The indentation makes it fairly clear what the programmer meant, but OCaml doesn't care about your pretty indentation. It could just as easily be that you meant:

match "foo" with
| "bar" -> 42
| "foo" ->      
  match "baz" with
  | "baz" -> 27
| _ -> 19
| _ -> 33

Or:

match "foo" with
| "bar" -> 42
| "foo" ->      
  match "baz" with
  | "baz" -> 27
  | _ -> 19
  | _ -> 33

Either parentheses or begin/end disambiguate this situation.

match "foo" with
| "bar" -> 42
| "foo" ->      
  (match "baz" with
   | "baz" -> 27
   | _ -> 19)
| _ -> 33

Or:

match "foo" with
| "bar" -> 42
| "foo" ->      
  begin
    match "baz" with
    | "baz" -> 27
    | _ -> 19
  end
| _ -> 33

One more thing...

Nested match expressions are often unnecessary. Consider when you have a nested match if you can't more cleanly express the same as a single level match on a tuple of values.

match a with
| X -> ...
| Y ->
  (match b with
   | Z -> ...
   | W -> ...
   | _ -> ...)
| U ->
  (match c with
   | F -> ...
   | G -> ...
   | _ -> ...)
| _ -> ...

vs.

match a, b, c with
| X, _, _ -> ...
| Y, Z, _ -> ...
| Y, W, _ -> ...
| Y, _, _ -> ...
| U, _, F -> ...
| U, _, G -> ...
| U, _, _ -> ...
| _, _, _ -> ...

Note that the number of outcomes remains eight in either case.

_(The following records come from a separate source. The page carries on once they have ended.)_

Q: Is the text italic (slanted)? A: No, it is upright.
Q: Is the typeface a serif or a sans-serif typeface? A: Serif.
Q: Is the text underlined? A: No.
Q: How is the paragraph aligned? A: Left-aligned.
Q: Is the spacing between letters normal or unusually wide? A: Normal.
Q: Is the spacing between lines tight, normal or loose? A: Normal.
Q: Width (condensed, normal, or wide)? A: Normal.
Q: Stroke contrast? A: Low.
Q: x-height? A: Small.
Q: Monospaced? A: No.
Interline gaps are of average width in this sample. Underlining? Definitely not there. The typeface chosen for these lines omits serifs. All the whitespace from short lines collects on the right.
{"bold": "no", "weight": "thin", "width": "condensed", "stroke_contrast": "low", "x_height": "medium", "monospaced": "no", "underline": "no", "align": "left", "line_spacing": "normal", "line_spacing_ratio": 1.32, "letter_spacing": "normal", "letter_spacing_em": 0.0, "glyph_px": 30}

Naturally this doesn't work if the inner match is against a computation on the value which would not otherwise need to occur or could not occur in other cases.

Upvotes: 3

Jeffrey Scofield
Jeffrey Scofield

Reputation: 66823

In OCaml begin/end is essentially identical to open/close parentheses. Inside you should have a well-formed expression (as in pretty much any programming language).

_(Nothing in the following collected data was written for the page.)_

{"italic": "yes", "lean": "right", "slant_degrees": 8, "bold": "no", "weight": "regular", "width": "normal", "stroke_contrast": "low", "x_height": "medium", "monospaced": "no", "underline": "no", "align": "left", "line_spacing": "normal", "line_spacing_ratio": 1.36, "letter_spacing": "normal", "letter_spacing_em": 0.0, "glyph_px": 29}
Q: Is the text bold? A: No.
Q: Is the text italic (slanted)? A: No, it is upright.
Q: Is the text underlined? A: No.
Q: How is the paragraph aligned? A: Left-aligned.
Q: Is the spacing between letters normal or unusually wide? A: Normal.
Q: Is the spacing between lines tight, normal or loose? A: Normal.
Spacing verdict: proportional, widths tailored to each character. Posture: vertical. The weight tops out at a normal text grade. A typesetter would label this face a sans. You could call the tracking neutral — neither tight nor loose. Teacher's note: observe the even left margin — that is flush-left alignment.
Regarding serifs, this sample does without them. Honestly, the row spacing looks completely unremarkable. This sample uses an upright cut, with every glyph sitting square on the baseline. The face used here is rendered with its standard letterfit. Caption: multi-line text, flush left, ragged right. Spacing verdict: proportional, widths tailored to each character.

What you have inside your begin/end is not an expression, since it ends with in. A let expression looks like let pattern = expr1 in expr2. You are missing the second expression inside the begin/end.

What you should do (I think) is put begin/end around the inner match like this:

match c.r with
| [r1; r2; r3 ] ->
    let _ = print_endline (String.make 1 r3.top) in
    begin
    match c1 with
    | [] -> []
    ...
    end
| ...

(This code doesn't make a lot of sense but I assume it's just an example.)

As another simplification you can change let _ = a in b to a; b if a is of unit type, as it is in your code.